:: Material shown ::
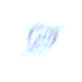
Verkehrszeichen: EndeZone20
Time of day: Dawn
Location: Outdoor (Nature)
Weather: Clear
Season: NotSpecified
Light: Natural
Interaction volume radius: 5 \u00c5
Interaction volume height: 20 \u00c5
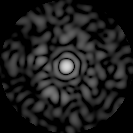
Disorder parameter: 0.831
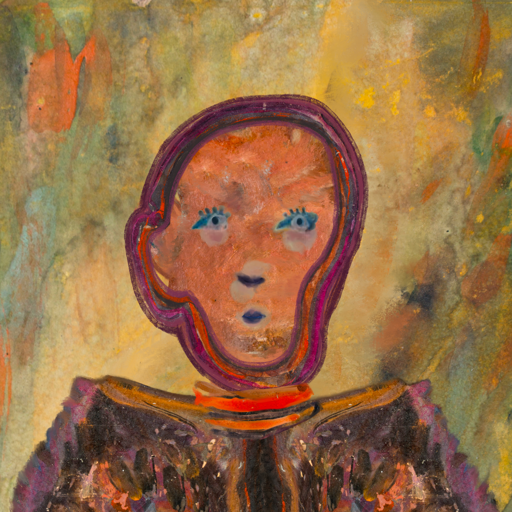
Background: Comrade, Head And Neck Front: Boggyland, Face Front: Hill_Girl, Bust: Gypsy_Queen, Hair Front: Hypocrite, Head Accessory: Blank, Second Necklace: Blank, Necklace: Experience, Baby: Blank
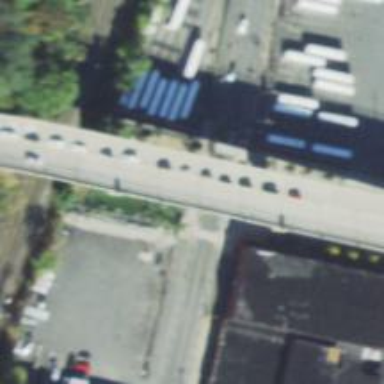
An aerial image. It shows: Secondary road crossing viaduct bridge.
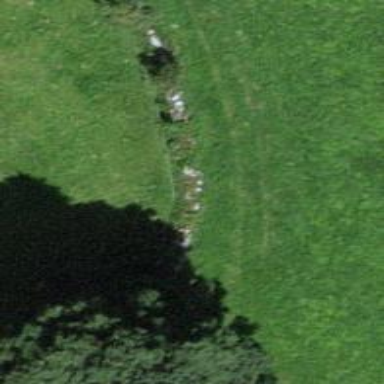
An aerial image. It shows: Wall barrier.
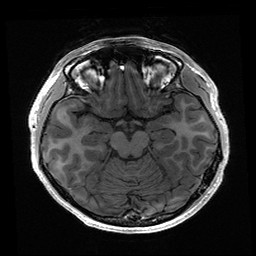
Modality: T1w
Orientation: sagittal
--
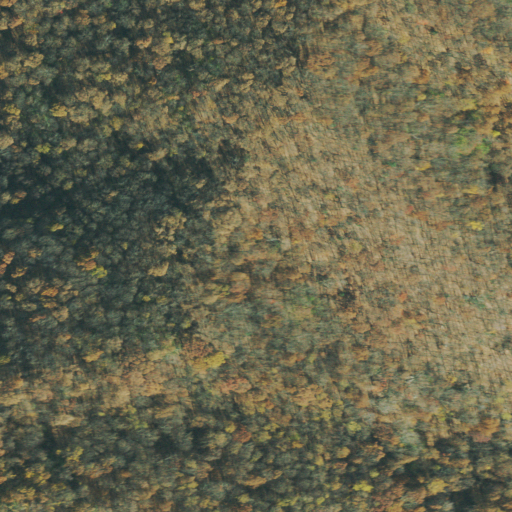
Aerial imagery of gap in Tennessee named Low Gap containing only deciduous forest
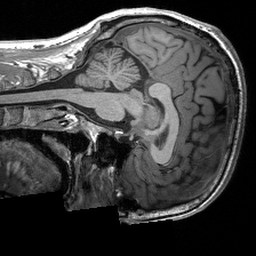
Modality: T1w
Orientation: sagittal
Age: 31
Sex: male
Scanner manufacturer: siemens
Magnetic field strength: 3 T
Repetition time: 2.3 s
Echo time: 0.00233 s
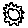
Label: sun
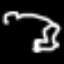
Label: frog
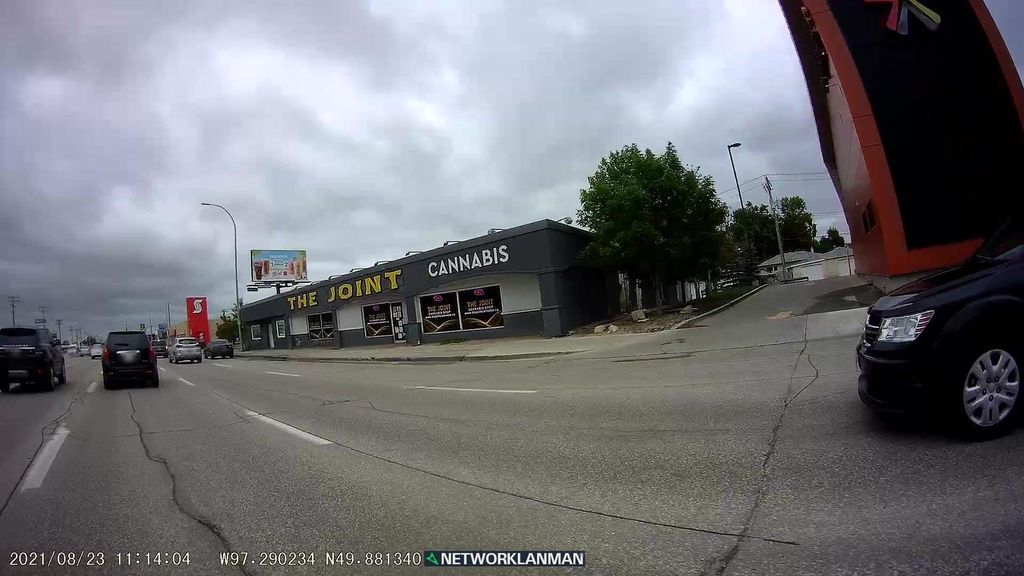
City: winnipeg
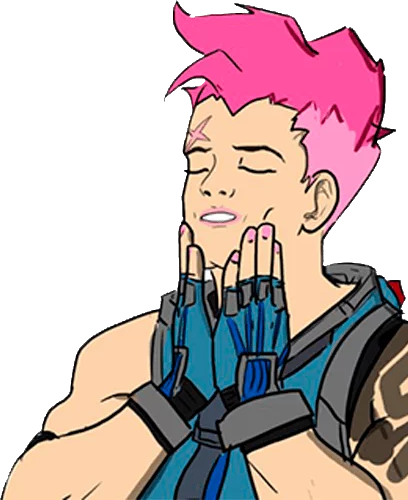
--
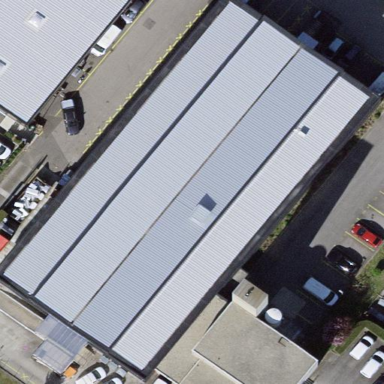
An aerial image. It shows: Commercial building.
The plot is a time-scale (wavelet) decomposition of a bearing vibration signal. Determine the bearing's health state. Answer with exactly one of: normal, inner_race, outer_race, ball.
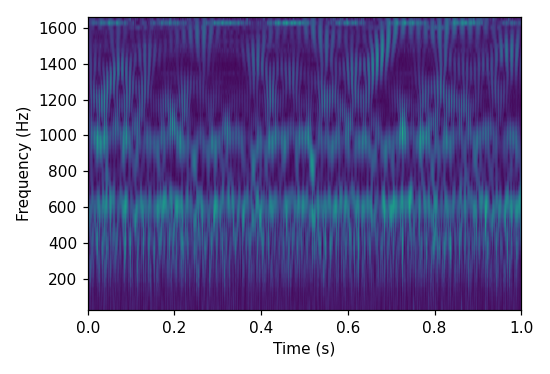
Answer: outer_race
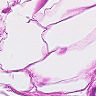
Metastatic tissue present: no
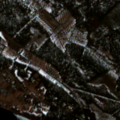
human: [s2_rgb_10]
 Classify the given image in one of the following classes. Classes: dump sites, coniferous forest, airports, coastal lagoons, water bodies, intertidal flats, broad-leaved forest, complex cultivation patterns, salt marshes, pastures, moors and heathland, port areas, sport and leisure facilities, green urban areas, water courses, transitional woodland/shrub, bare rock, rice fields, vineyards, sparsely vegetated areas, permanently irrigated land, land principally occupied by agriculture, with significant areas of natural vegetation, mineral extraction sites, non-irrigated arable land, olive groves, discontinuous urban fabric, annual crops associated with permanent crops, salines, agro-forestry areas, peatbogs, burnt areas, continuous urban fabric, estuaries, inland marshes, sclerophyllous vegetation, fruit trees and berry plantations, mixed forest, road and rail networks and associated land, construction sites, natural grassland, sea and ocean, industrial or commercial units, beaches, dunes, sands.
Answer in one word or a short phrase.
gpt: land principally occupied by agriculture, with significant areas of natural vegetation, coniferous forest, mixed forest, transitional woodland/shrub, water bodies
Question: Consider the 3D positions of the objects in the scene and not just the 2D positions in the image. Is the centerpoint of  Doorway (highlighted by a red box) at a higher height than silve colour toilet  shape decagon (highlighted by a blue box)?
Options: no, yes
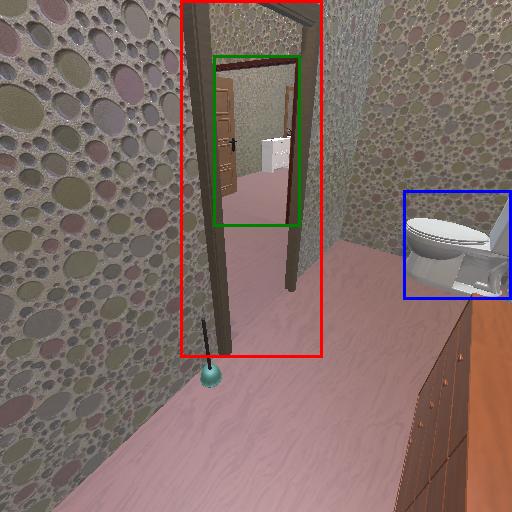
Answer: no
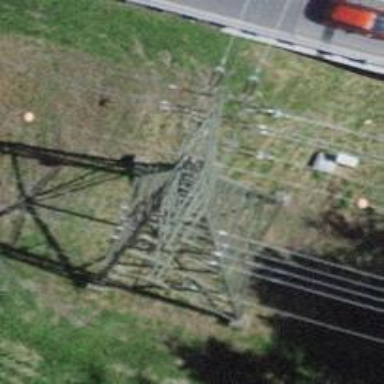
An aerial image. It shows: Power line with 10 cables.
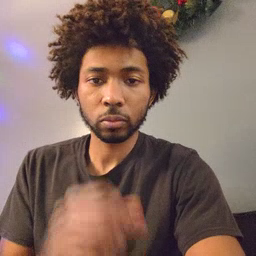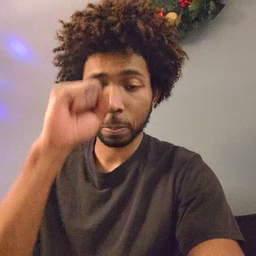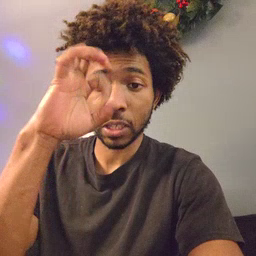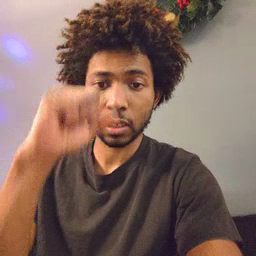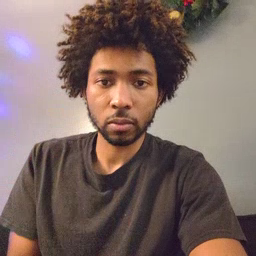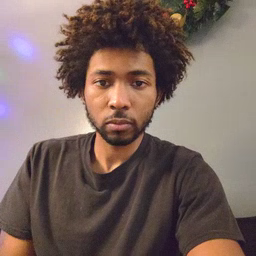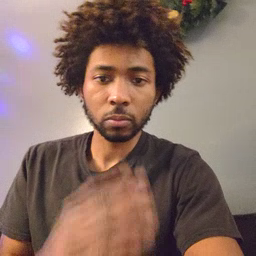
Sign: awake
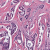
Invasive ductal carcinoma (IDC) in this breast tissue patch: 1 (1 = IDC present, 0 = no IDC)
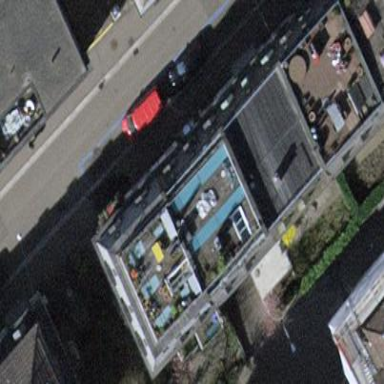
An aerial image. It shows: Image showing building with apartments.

:: Directions ::
Would you output only the span of the records above that opens with the line containing "Answer in one word or a short phrase." and closes with the line containing "An aerial image. It shows: Image", ends included and pictures dropped?

:: Response ::
Answer in one word or a short phrase.
gpt: land principally occupied by agriculture, with significant areas of natural vegetation, coniferous forest, mixed forest, transitional woodland/shrub, water bodies
Question: Consider the 3D positions of the objects in the scene and not just the 2D positions in the image. Is the centerpoint of  Doorway (highlighted by a red box) at a higher height than silve colour toilet  shape decagon (highlighted by a blue box)?
Options: no, yes
Answer: no
An aerial image. It shows: Power line with 10 cables.
Sign: awake
Invasive ductal carcinoma (IDC) in this breast tissue patch: 1 (1 = IDC present, 0 = no IDC)
An aerial image. It shows: Image showing building with apartments.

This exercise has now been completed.